Lines with the word "above" in them are the ones to copy from the records.

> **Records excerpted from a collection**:
━━━

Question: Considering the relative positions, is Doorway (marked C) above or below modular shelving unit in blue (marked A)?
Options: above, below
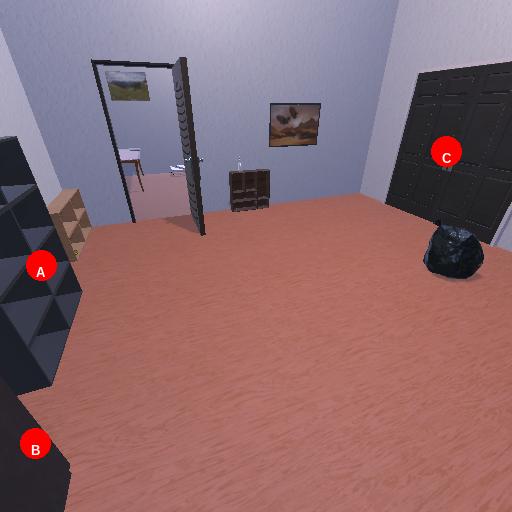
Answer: above
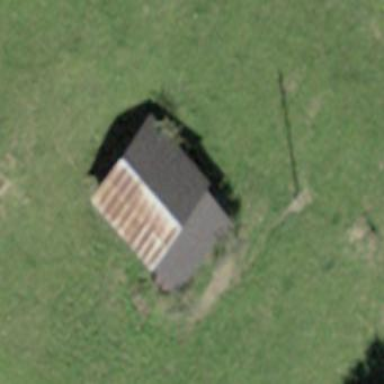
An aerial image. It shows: Rural barn.
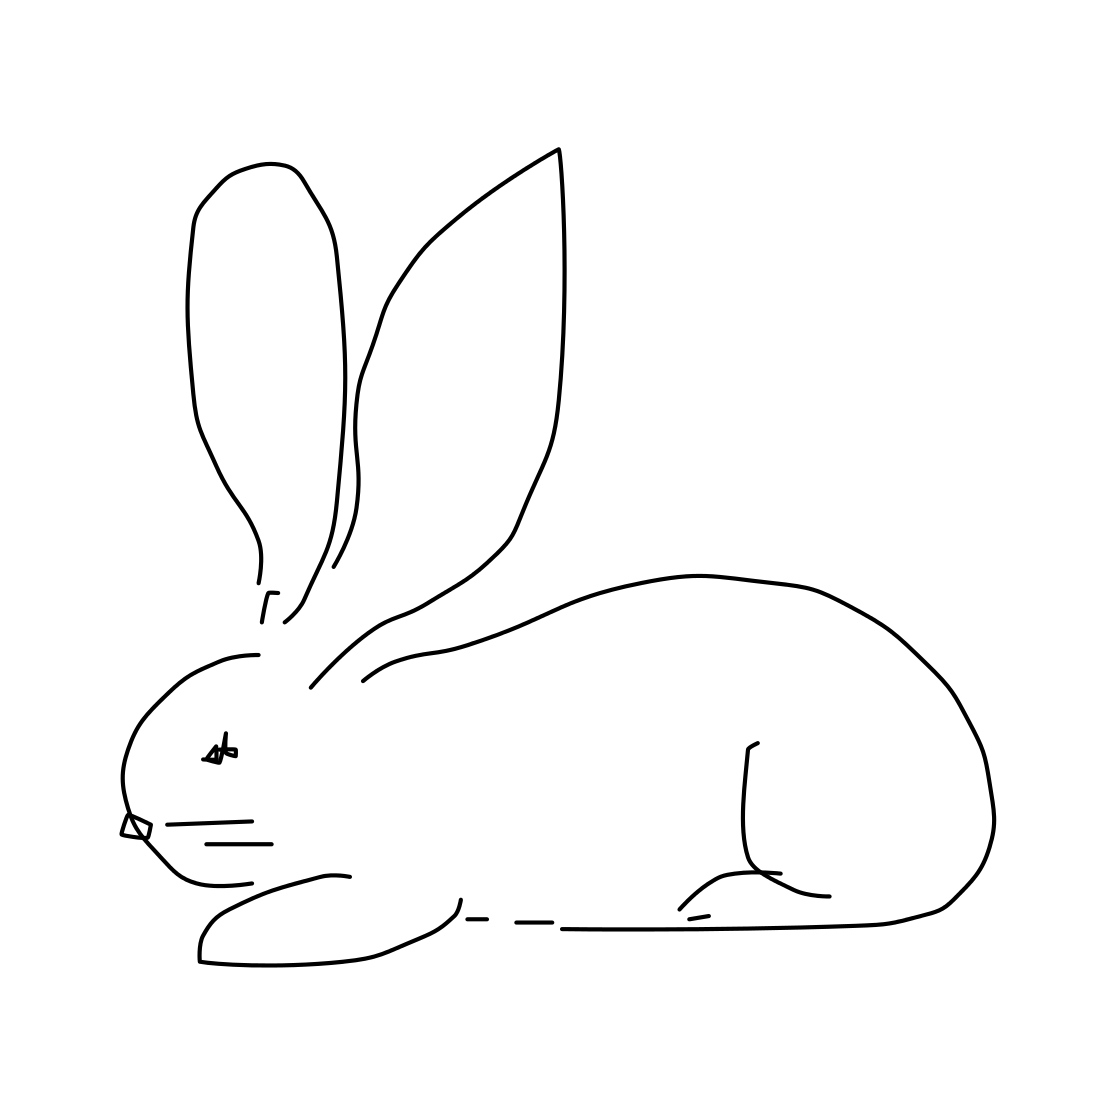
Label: rabbit
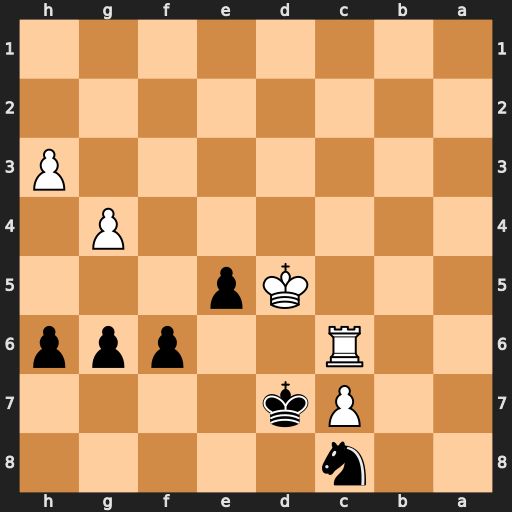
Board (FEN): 2n5/2Pk4/2R2ppp/3Kp3/6P1/7P/8/8
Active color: b
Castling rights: -
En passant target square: -
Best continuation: Ne7+ Kc5 Nxc6 c8=Q+ Kxc8
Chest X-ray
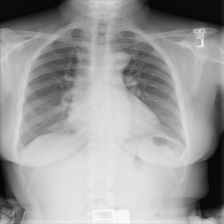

━━━

> **Exercise answer**:
Question: Considering the relative positions, is Doorway (marked C) above or below modular shelving unit in blue (marked A)?
Options: above, below
Answer: above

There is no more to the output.